Extracted data entries:
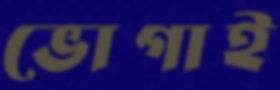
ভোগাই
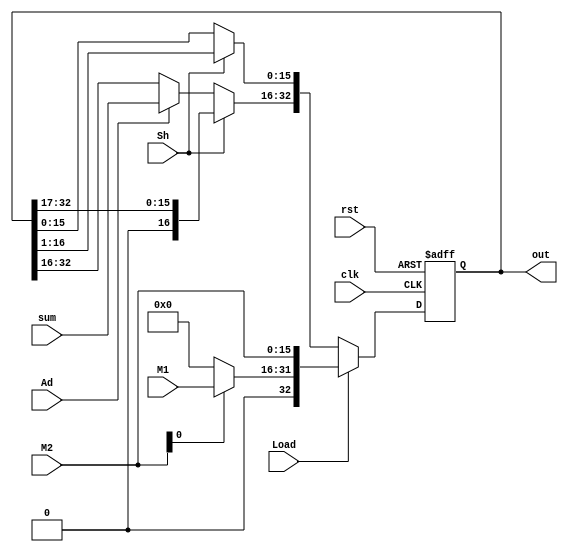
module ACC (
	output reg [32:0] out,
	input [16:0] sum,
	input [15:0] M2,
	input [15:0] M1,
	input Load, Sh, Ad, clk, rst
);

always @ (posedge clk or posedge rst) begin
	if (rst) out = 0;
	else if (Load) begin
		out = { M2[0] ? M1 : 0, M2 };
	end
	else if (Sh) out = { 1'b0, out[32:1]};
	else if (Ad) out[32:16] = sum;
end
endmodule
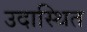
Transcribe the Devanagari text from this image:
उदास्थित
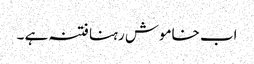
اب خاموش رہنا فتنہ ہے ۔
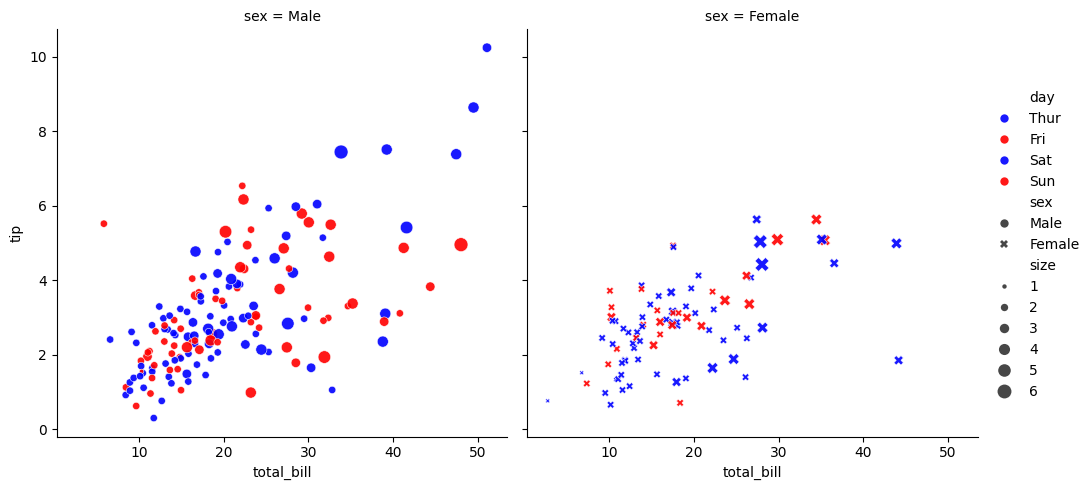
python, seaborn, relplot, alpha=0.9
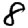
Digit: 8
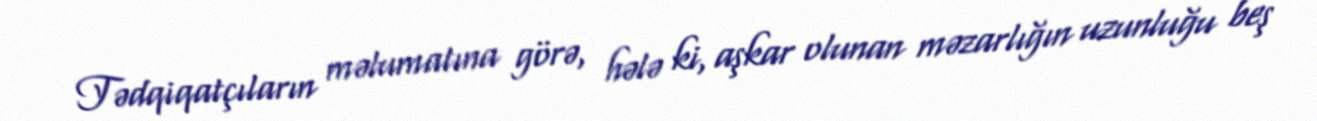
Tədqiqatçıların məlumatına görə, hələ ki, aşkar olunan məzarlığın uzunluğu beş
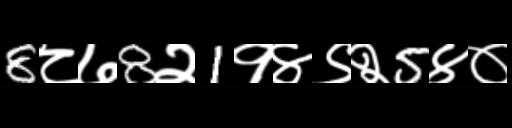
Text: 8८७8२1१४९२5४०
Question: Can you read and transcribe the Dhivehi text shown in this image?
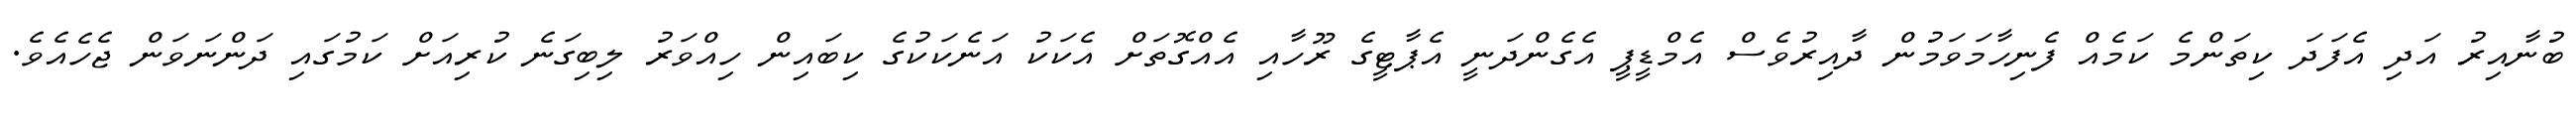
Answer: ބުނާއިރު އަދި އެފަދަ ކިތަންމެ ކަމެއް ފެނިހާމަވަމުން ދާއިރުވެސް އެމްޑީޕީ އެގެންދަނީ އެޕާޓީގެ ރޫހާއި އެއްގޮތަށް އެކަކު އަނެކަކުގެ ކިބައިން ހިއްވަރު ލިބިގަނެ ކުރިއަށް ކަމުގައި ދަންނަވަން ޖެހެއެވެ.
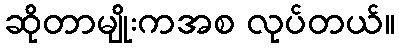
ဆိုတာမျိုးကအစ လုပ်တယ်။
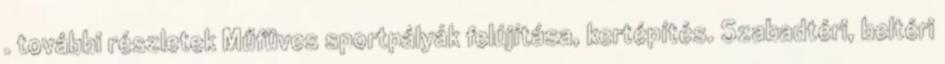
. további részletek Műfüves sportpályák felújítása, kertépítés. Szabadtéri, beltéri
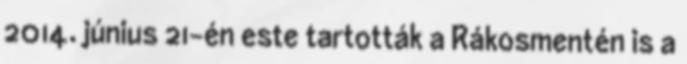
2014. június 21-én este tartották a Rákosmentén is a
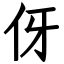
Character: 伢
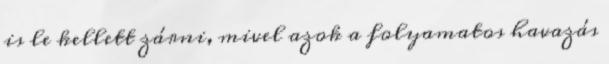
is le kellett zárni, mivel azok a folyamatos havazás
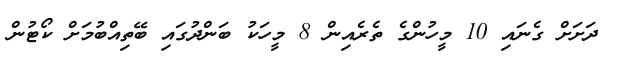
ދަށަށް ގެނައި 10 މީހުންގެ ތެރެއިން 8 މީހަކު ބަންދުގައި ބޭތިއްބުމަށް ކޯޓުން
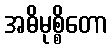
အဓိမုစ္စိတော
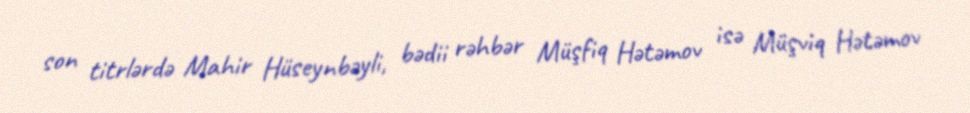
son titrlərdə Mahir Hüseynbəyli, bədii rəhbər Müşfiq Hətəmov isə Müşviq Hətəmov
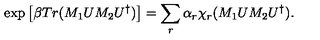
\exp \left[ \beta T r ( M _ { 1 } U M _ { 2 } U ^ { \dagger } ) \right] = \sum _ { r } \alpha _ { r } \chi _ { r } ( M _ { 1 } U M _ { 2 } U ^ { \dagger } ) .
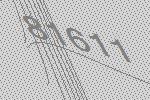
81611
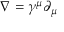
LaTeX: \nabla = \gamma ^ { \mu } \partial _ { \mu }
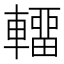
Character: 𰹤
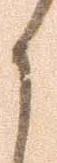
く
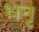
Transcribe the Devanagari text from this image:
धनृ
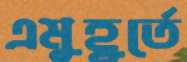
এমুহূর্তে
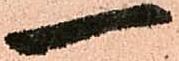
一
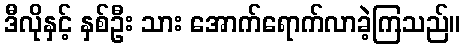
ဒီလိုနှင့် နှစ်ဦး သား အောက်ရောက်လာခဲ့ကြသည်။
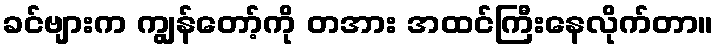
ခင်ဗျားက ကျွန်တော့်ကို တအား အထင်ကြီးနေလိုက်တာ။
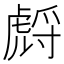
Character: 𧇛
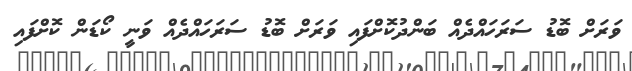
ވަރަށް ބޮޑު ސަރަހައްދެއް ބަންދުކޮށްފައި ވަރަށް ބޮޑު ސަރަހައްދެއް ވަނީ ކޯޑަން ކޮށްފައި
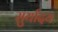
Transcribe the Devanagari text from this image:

## Your assignment
Once the line holding "Character: 𧇛" is found, set down that line and every line after it, exactly, through the last line of the records above, omitting pictures.

## Response below
Character: 𧇛
ވަރަށް ބޮޑު ސަރަހައްދެއް ބަންދުކޮށްފައި ވަރަށް ބޮޑު ސަރަހައްދެއް ވަނީ ކޯޑަން ކޮށްފައި
Transcribe the Devanagari text from this image:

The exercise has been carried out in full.